▸ **Assigned task**:
When a line below holds the string "between", show that line.

▸ **Provided material**:
────────────────
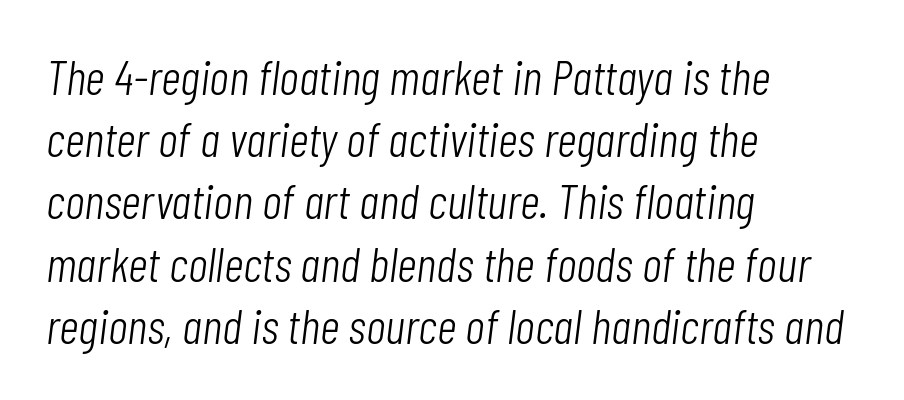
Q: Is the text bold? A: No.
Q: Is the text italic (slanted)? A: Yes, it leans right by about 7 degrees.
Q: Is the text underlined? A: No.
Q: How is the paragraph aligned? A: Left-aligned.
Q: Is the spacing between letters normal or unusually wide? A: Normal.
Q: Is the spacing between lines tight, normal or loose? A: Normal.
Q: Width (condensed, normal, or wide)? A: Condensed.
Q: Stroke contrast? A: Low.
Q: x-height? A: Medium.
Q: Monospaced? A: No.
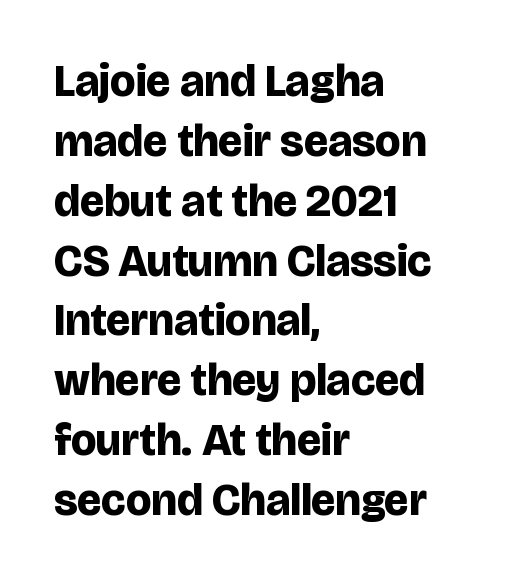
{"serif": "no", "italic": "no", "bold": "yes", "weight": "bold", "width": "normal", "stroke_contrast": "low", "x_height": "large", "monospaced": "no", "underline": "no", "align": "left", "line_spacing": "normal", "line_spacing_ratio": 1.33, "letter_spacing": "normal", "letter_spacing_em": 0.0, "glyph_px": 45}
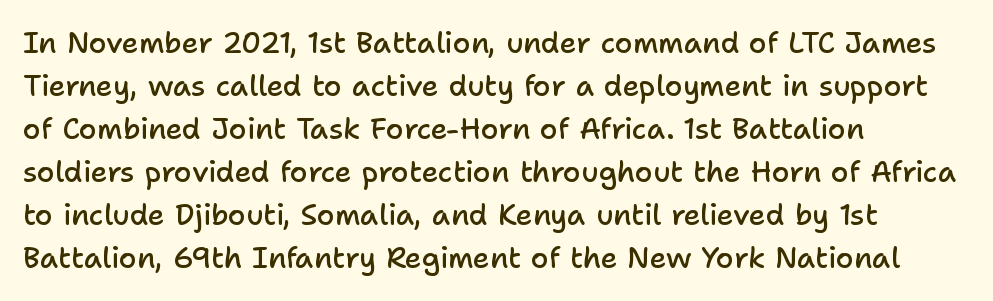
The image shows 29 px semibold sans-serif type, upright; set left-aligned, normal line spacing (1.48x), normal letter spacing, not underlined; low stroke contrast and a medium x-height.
────────────────
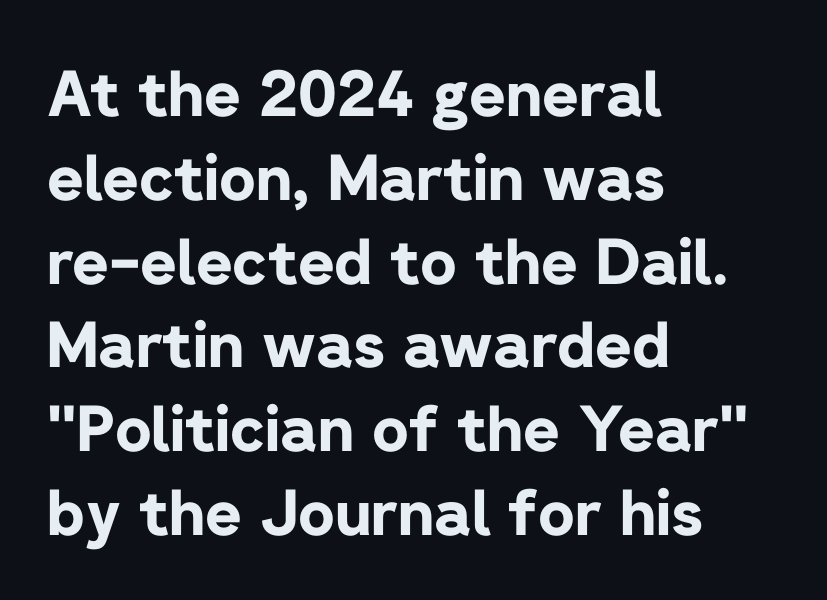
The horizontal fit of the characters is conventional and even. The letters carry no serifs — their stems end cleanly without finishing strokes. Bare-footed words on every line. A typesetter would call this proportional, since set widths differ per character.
────────────────
▸ **Answer for the task**:
Q: Is the spacing between letters normal or unusually wide? A: Normal.
Q: Is the spacing between lines tight, normal or loose? A: Normal.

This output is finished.